SYNAQ incident

Cloud Mail Incident - 28/04/2021

SYNAQ experienced a major incident on April 28, 2021 affecting SYNAQ Cloud Mail, lasting 1h 18m. The incident has been resolved; the full update timeline is below.

Started: Apr 28, 2021, 11:38 AM UTC
Resolved: Apr 28, 2021, 12:56 PM UTC
Duration: 1h 18m
Detected by Pingoru: Apr 28, 2021, 11:38 AM UTC

Affected components

SYNAQ Cloud Mail

Update timeline

investigating Apr 28, 2021, 11:38 AM UTC

Dear Clients, SYNAQ Cloud Mail is currently experiencing an incident were certain users are struggling to authenticate and download mail. Engineers are investigating this as a matter of urgency. We will send our next update in 30 minutes.
investigating Apr 28, 2021, 11:47 AM UTC

Dear Clients, SYNAQ Cloud Mail is currently experiencing an incident were certain users are struggling to authenticate and download mail. Engineers are investigating this as a matter of urgency.
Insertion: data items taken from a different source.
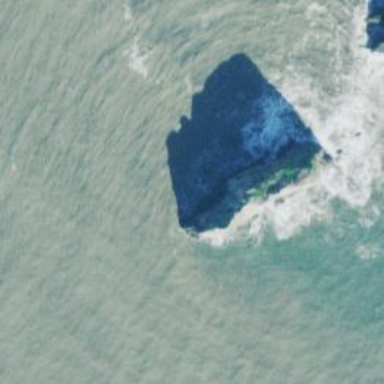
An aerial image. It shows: Islet along the natural coastline.
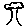
Label: tree
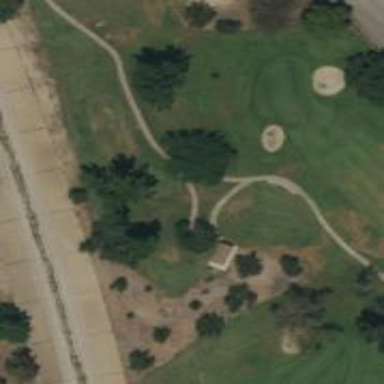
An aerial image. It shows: Service road designated as golf cart path.
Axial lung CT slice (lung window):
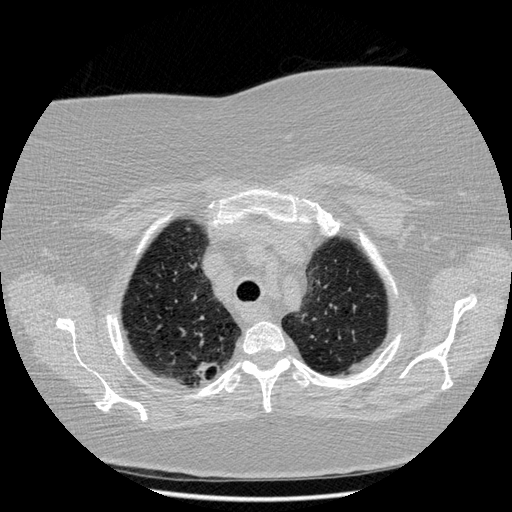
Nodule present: no
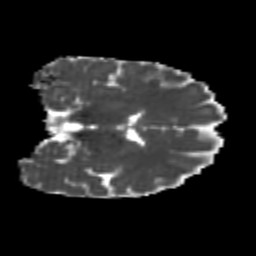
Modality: MD
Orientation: coronal
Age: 23
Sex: female
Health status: healthy
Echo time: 0.074 s
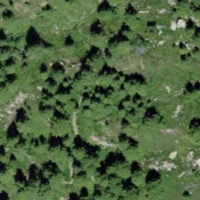
EUNIS habitat code: 41
Species observed at this site:
Rhododendron ferrugineum
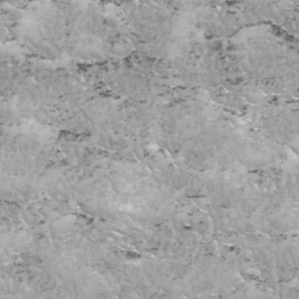
Label: frost
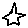
Label: star
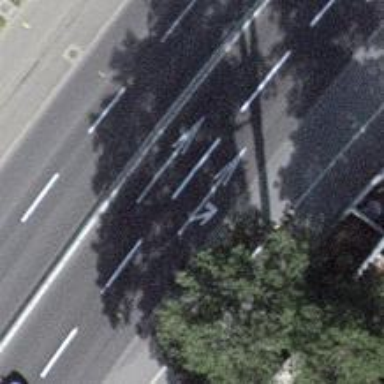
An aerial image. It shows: Primary highway with asphalt surface and parallel cycle track. Parking is parallel to the curb on the right side.
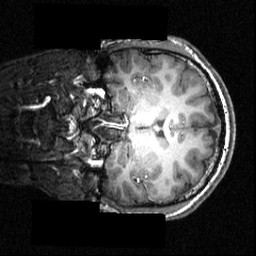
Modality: T1w
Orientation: coronal
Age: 18
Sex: male
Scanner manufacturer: siemens
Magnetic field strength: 3.951 T
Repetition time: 1.5 s
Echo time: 0.00335 s
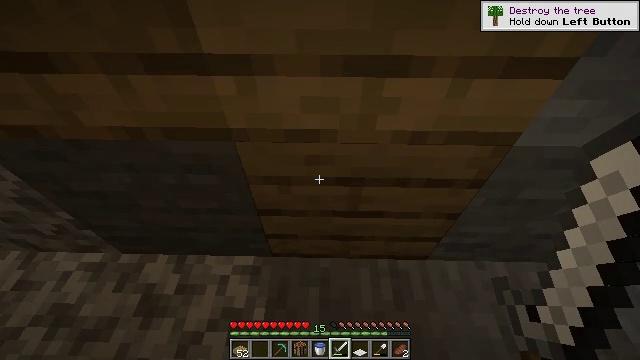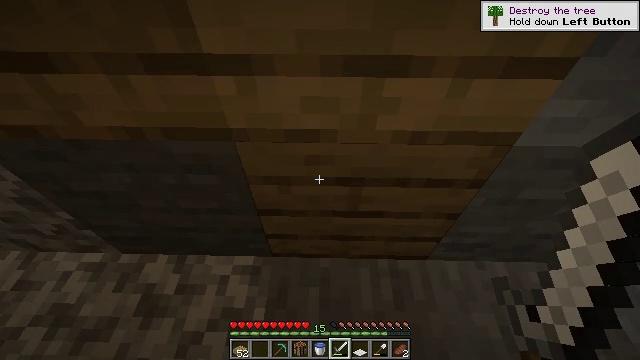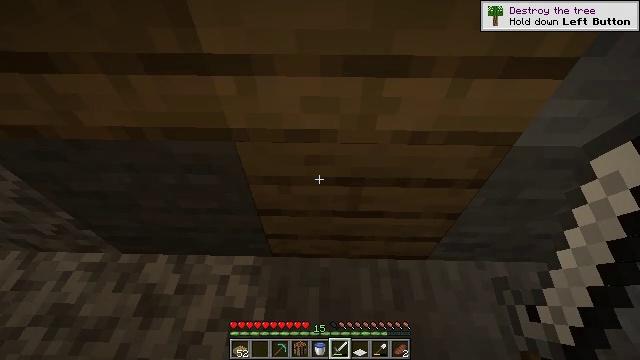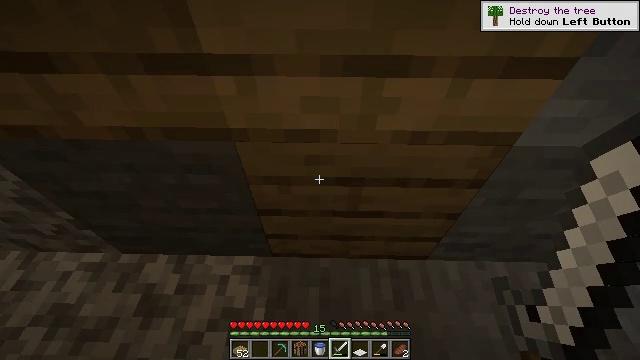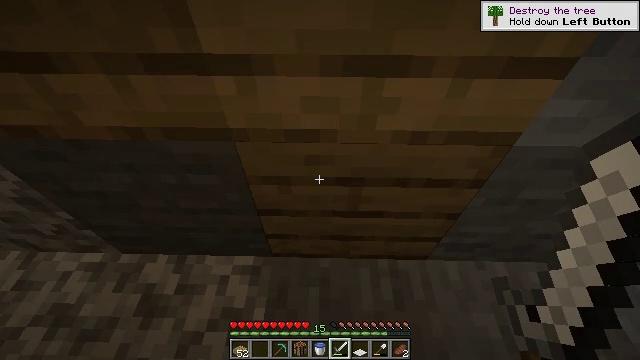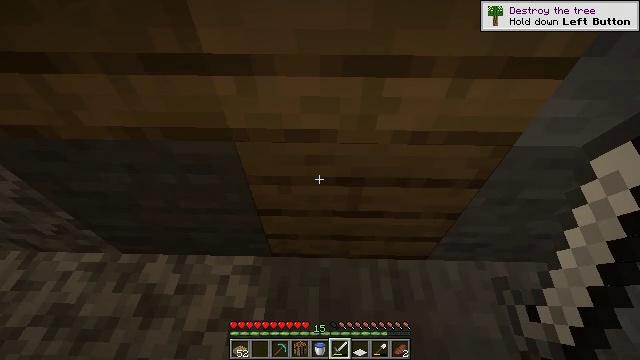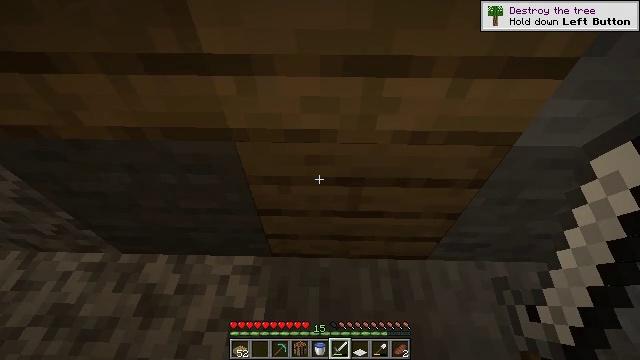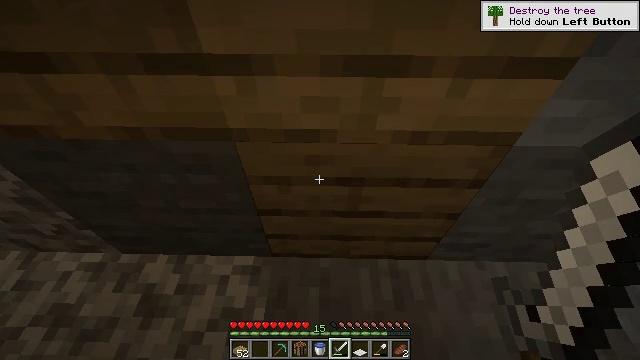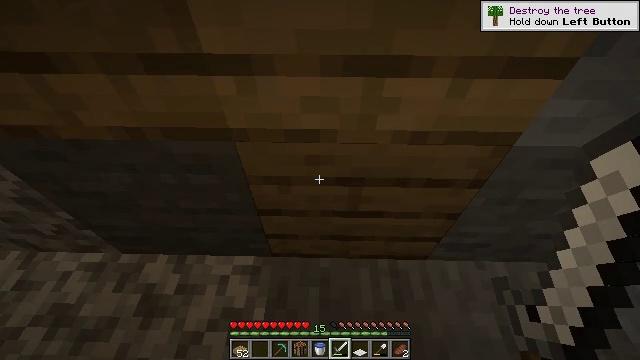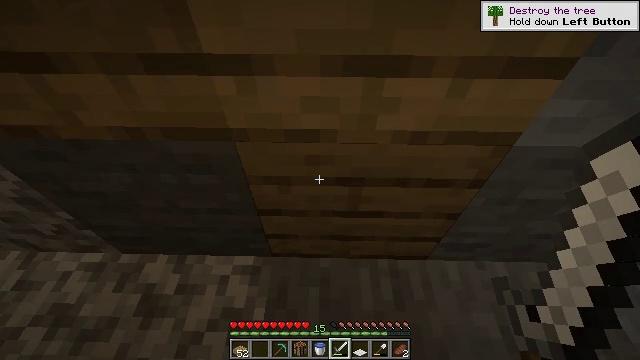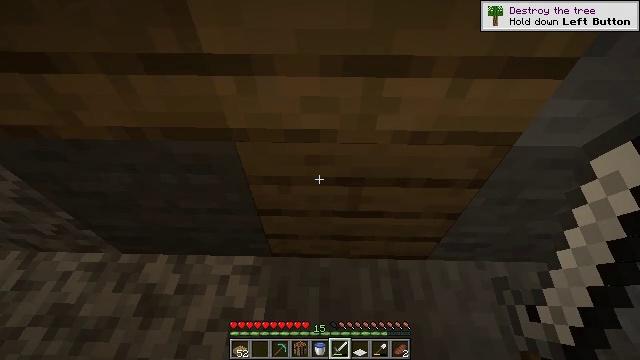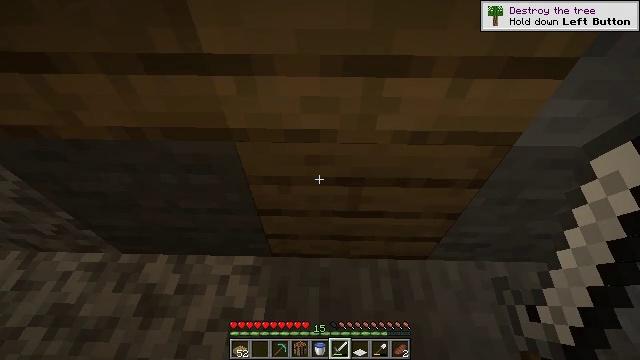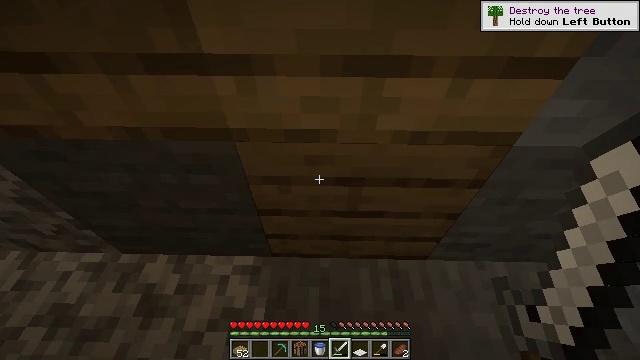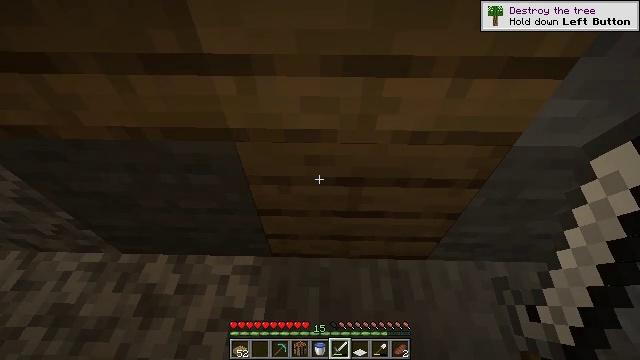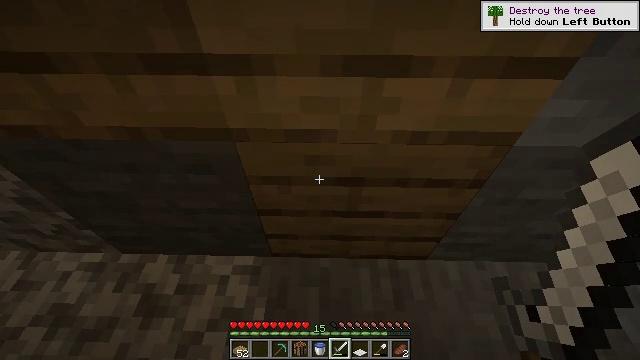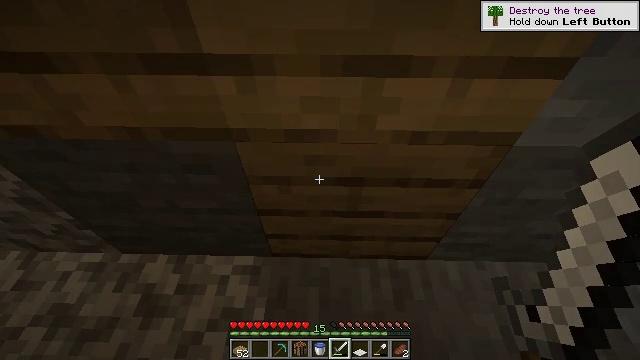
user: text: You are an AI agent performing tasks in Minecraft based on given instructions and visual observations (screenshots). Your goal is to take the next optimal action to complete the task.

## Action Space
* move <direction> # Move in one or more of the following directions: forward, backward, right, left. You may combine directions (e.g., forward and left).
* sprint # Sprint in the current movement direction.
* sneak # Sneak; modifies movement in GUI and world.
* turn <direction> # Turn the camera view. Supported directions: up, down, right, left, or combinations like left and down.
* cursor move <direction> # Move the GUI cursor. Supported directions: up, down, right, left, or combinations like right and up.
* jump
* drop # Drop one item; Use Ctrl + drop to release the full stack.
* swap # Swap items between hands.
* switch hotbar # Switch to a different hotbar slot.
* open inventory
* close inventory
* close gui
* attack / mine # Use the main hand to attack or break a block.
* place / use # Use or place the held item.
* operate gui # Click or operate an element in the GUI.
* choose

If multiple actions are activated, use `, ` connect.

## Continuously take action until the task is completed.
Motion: motion action
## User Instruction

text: Retrieve oak planks from the wooden block.
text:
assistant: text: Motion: no_op
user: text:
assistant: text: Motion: no_op
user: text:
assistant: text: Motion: no_op
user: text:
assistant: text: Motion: no_op
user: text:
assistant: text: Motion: no_op
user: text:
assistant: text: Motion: no_op
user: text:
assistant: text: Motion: no_op
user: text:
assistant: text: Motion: no_op
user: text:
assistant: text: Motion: no_op
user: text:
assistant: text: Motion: no_op
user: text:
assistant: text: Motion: no_op
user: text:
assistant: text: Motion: no_op
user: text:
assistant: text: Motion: no_op
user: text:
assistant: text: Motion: no_op
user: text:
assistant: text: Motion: no_op
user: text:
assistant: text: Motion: no_op
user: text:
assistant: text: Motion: no_op
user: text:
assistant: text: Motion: no_op
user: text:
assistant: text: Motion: no_op
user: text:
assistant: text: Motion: no_op
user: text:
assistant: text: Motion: no_op
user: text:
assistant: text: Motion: no_op
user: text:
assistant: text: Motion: no_op
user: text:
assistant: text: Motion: no_op
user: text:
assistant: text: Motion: no_op
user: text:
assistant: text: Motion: no_op
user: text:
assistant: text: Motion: no_op
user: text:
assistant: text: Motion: no_op
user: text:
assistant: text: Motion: no_op
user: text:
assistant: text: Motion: no_op
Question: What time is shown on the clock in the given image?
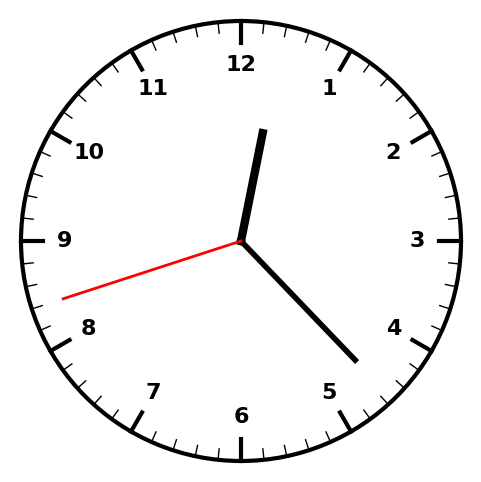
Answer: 12:22:42
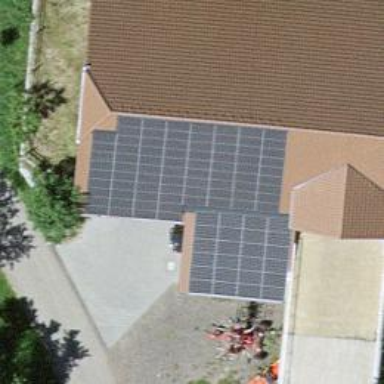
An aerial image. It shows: Solar photovoltaic panel generator.
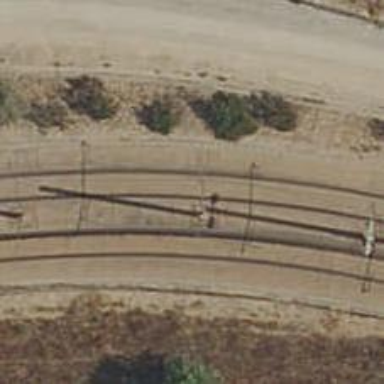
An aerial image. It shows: Light rail railway line with electrification through contact lines.
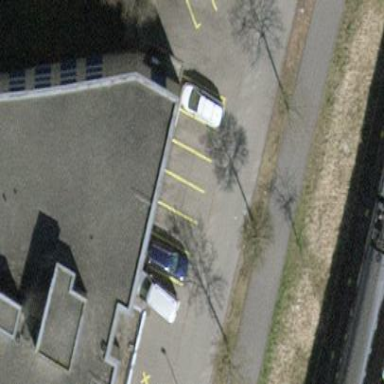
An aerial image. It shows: Office building with works in progress.
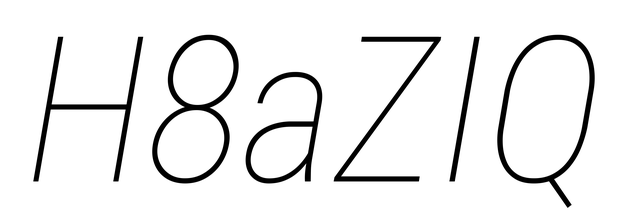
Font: Roboto-Italic_Condensed_Thin_Italic
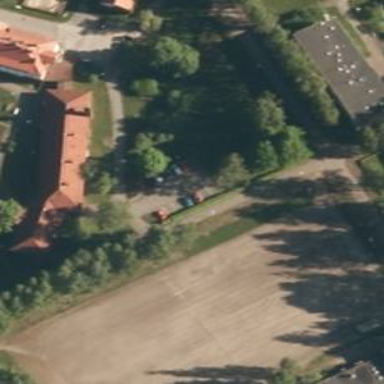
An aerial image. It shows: Asphalt cycleway.
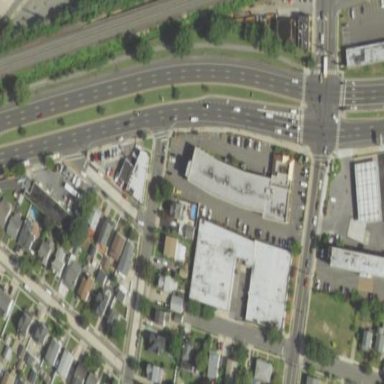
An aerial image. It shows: Retail area.
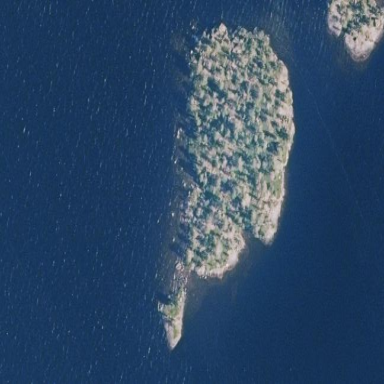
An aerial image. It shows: Islet.
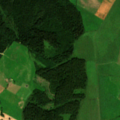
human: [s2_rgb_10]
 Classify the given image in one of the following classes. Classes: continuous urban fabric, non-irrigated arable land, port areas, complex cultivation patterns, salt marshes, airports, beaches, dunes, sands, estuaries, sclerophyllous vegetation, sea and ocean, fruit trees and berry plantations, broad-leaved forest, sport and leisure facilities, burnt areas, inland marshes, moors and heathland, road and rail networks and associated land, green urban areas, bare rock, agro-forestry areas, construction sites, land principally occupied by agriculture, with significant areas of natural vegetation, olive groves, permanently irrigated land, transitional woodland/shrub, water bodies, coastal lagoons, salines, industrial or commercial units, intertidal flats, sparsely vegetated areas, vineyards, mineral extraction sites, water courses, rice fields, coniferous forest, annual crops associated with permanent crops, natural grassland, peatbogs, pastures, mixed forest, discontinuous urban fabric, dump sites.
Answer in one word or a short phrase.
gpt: non-irrigated arable land, pastures, complex cultivation patterns, broad-leaved forest, mixed forest
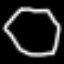
Label: octagon
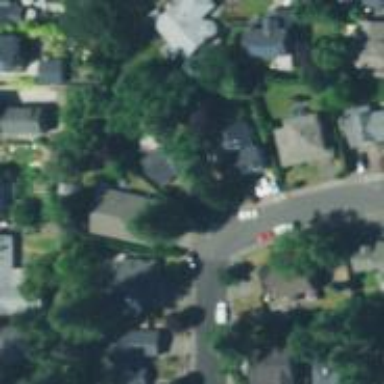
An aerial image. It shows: Residential road.
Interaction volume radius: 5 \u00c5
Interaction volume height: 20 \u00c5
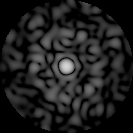
Disorder parameter: 0.8051
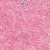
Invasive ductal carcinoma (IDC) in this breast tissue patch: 0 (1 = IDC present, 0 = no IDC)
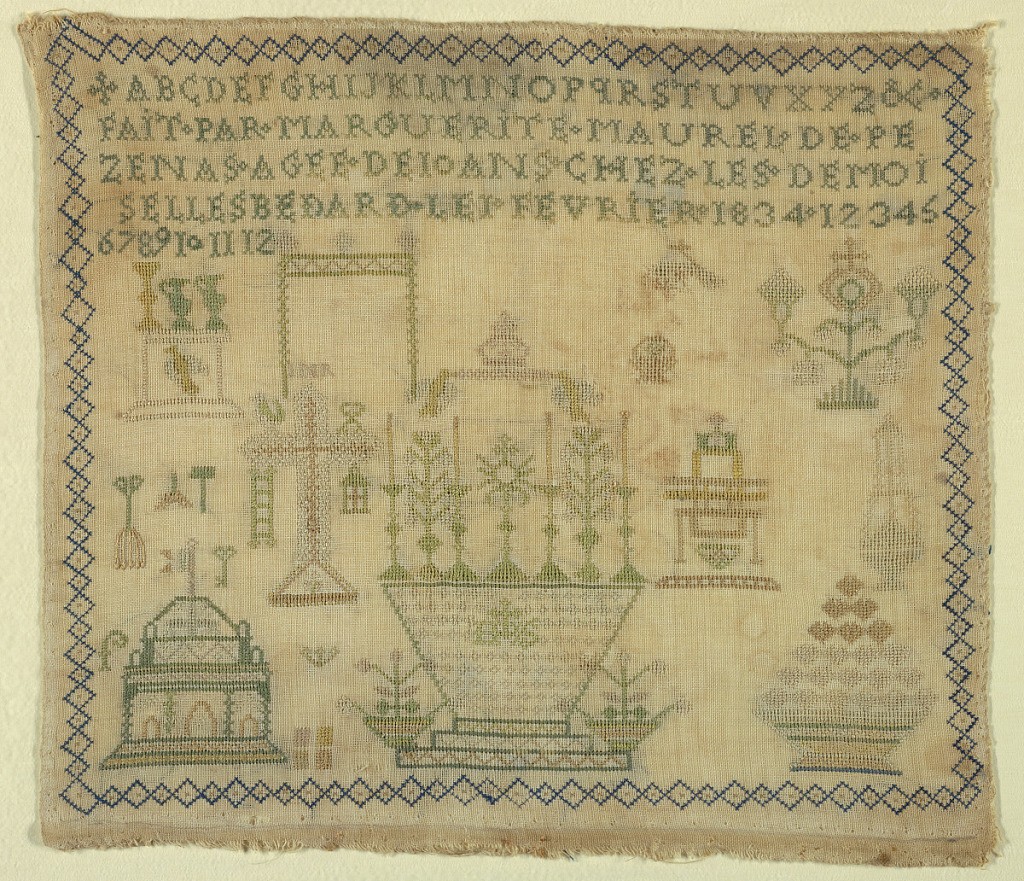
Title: Sampler
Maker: Marguerite Maurel
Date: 1834
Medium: silk embroidery, cotton warp, linen weft Technique: embroidered in counted cross, stem and satin stitches on plain weave foundation
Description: An alphabet at the top followed by "Fair par Marguerite Maurel de Pezenas agee dei ans chex les demoiselles Bedard lei Fevrier 1834". Numbers and motifs of an altar with sacred monogram, the cross with symbols of the passion and other religious emblems.
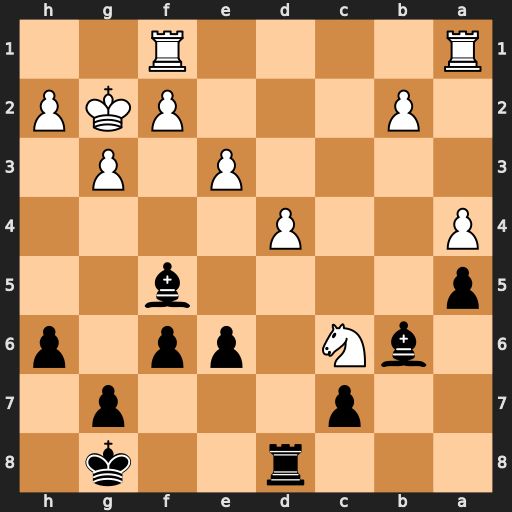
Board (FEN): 3r2k1/2p3p1/1bN1pp1p/p4b2/P2P4/4P1P1/1P3PKP/R4R2
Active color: b
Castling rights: -
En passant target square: -
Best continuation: Be4+ f3 Bxc6
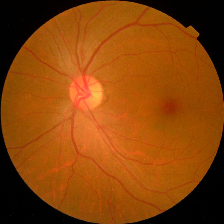
Diabetic retinopathy grade: No DR

We will send our next update in 30 minutes.
resolved Apr 28, 2021, 12:56 PM UTC

Dear Clients, The SYNAQ Cloud Mail incident has been resolved and the service has returned to optimal functionality.
postmortem May 11, 2021, 11:32 AM UTC

Summary and Impact to Customers On Wednesday 28th April 2021 from 13:38 to 14:56, SYNAQ Cloud Mail experienced a mail authentication incident. The resultant impact of the event was that users were unable to authenticate could not access the platform. Root Cause and Solution The root cause of this event was due to a failed route on our primary “High Availability” server and the Secondary server not taking over. With the route being down, the authentication requests were unable to reach the Cloud Mail proxy servers and authentication was unable to complete. To resolve this issue, the primary server had to be shutdown to bring the routes back up again. Once the routes had been restored to the Cloud Mail proxy server, authentication requests were once again being processed and users could access their mail. Upon further investigation, it was determined that the Secondary server had a configuration error which prevented it from being able to detect there was a problem with the primary server, which would have allowed it to take over. This configuration has been corrected and failover has since been tested and this moved across seamlessly. Remediation Actions • A full audit of all HA servers to ensure all their rules are identical. • Scheduled failover testing of HA servers to be implemented.